Mysterious Object at Noon (which sounds almost like a title for a René Magritte or Giorgio de Chirico painting) was shaped and influenced by Weerasethakul’s earlier experimental short films and love of surrealism, and its easy-going pace, grainy monochrome imagery, melding of fact and fiction and sudden locational shifts do lend it a genuinely dreamlike quality. The storytellers prove to be the key draw here, from the delightfully upbeat and expressive deaf girls to the middle-aged woman who breaks down laughing and accuses the filmmakers of trying to get her drunk before promptly downing another glass of hooch. One group even stages their section of the story as a musical play, while a band of boisterous school kids – two of whom almost get into a fight in the background – seem to bask in the camera’s attention and waste little time killing the story’s main characters off, before a rethink offers up a different resolution.
Weerasethakul’s aim to explore the narrow dividing line between truth and fiction also sees him play some interesting games with form and what there is of a fourth wall. This is at its most oddly effective when the camera keeps rolling as a chapter of the story dramatisation concludes, and the actors break for food and Weerasethakul himself wanders into shot to adjust one of the lights. Elsewhere it becomes difficult to tell whether what we are looking at is real or has been staged for the camera, and intermittently we seem to be encouraged to simply watch and appreciate a sequence for its content and setting rather than its connection to the scenes that surround it, if indeed there is one.
For newcomers to the work of this most singular of filmmakers, it’s likely that A Mysterious Object at Noon will present something of a challenge, which will come as no surprise to those who were left a little bamboozled by the likes of Tropical Malady, Uncle Boonmee Who Can Recall His Past Lives and Syndromes and a Century, films that put Weerasethakul firmly on the map but which will always have their vocal detractors. But such is the nature of experimental cinema, and for those who treasure these distinctive and quietly mesmerising works (guilty as charged), Mysterious Object at Noon proves to be a bold and strangely captivating first feature from a director who would go on to specialise in films of this nature. I’m not going to claim that I was able to connect all of the dots that Weerasethakul draws, or that I fully appreciated the overriding purpose of every sequence (including a gently upbeat observational documentary coda that plays after the closing credits). But I was entranced by the journey, the improvised story and the varied and imaginative manner of its telling, and genuinely cannot recall seeing another film quite like it.

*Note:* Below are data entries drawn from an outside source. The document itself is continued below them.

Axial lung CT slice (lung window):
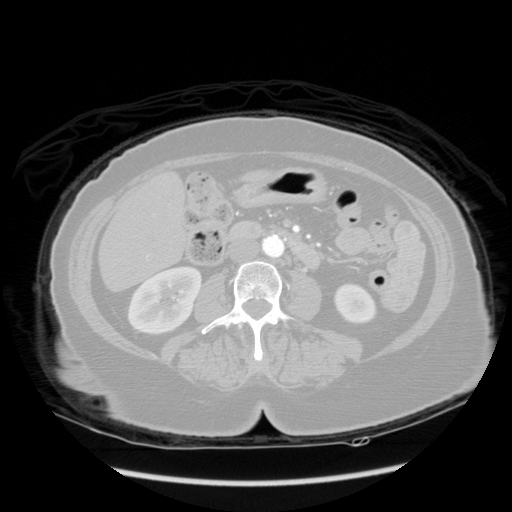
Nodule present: no
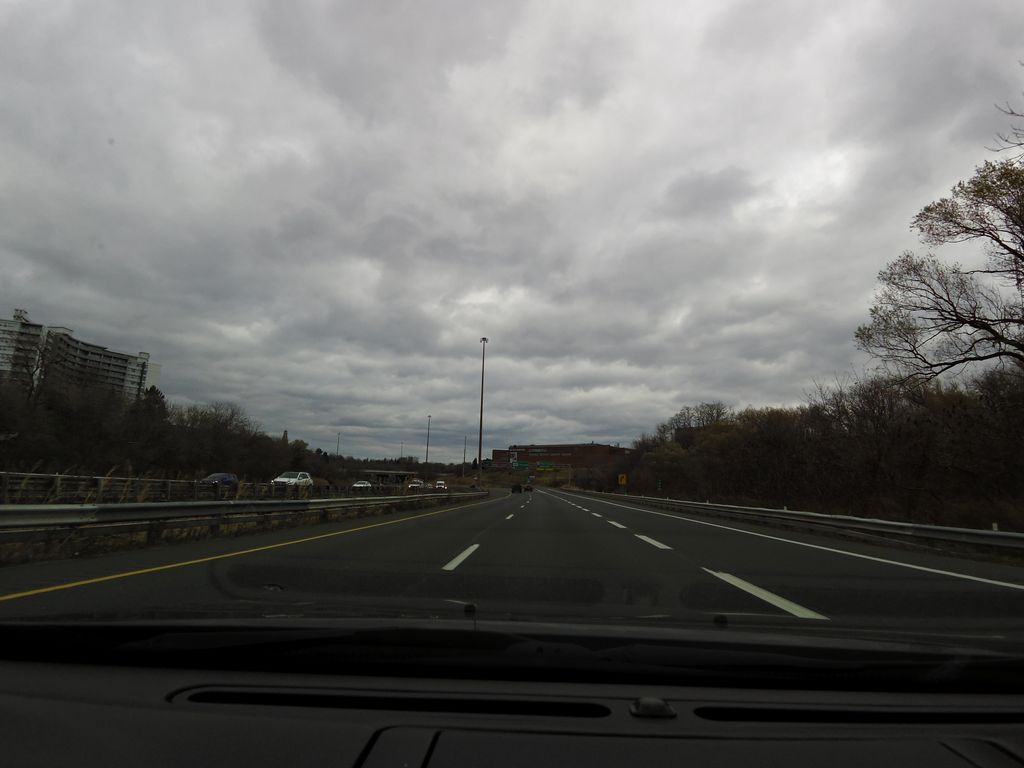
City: hamilton
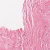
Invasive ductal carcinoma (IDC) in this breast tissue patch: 0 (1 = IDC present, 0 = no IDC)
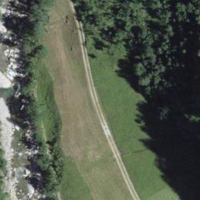
EUNIS habitat code: 24
Species observed at this site:
Pachytodes cerambyciformis
Convolvulus arvensis
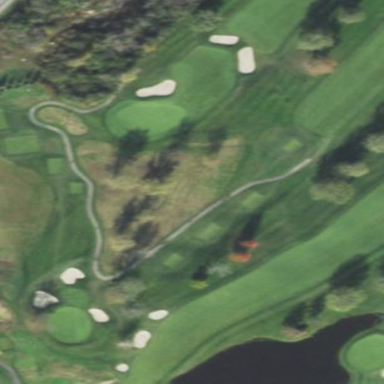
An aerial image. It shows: Area of rough grass used for golf.

Having come a little late to the Blu-ray party, the good people at Second Run are starting to remind me of someone who takes up mountaineering and instead of working their way slowly up to the more challenging peaks, deliberately picks the hardest climbs they can find. For their first HD release, they seemed to deliberately fly in the face of logic and pick a film that was shot on standard definition (Pedro Costa’s Horse Money). For the second, they’re working with a film that was shot on 16mm monochrome reversal stock (using what Weerasethakul himself describes as “a cheap camera”), then blown up to 35mm and subtitled in English. With the original 16mm material long ago discarded by the lab in which it had been stored, the restoration team – a joint effort between the Austrian Film Museum and the Film Foundation’s World Cinema Project – were forced to work with this 35mm blow-up internegative with burned-in subtitles. Inevitably this process has robbed the image of some of its original finesse (Weerasethakul himself confirms this is the case), and has coarsened the contrast and enhanced the film grain. The film has also been windowboxed within the 1.78:1 frame, putting borders on the image and a black space below, which is where the majority of the subtitles are located. Unfortunately for the restoration team, some of these subtitles run over two lines and thus overlay the bottom of the picture as well. It was deemed by all that attempting to digitally remove them would prove problematic, so the decision was made to leave them in place, but they have been digitally sharpened and small corrections have been made to the text. Given these considerable restrictions, the restorers have done a commendable job, stabilising the previous flickering, grading the contrast to solidify the black levels without punishing the shadow detail and bringing out a surprising level of image detail, something particularly visible in the sequence in which a group performs their story segment as musical theatre. The picture has also been cleaned to remove a lot (though not all) of tghe dust spots, but Weerasethakul and the team have chosen to leave small scratches and other examples of minor damage untouched as – and I quote – “a permanent reminder of the film’s suboptimal survival status.”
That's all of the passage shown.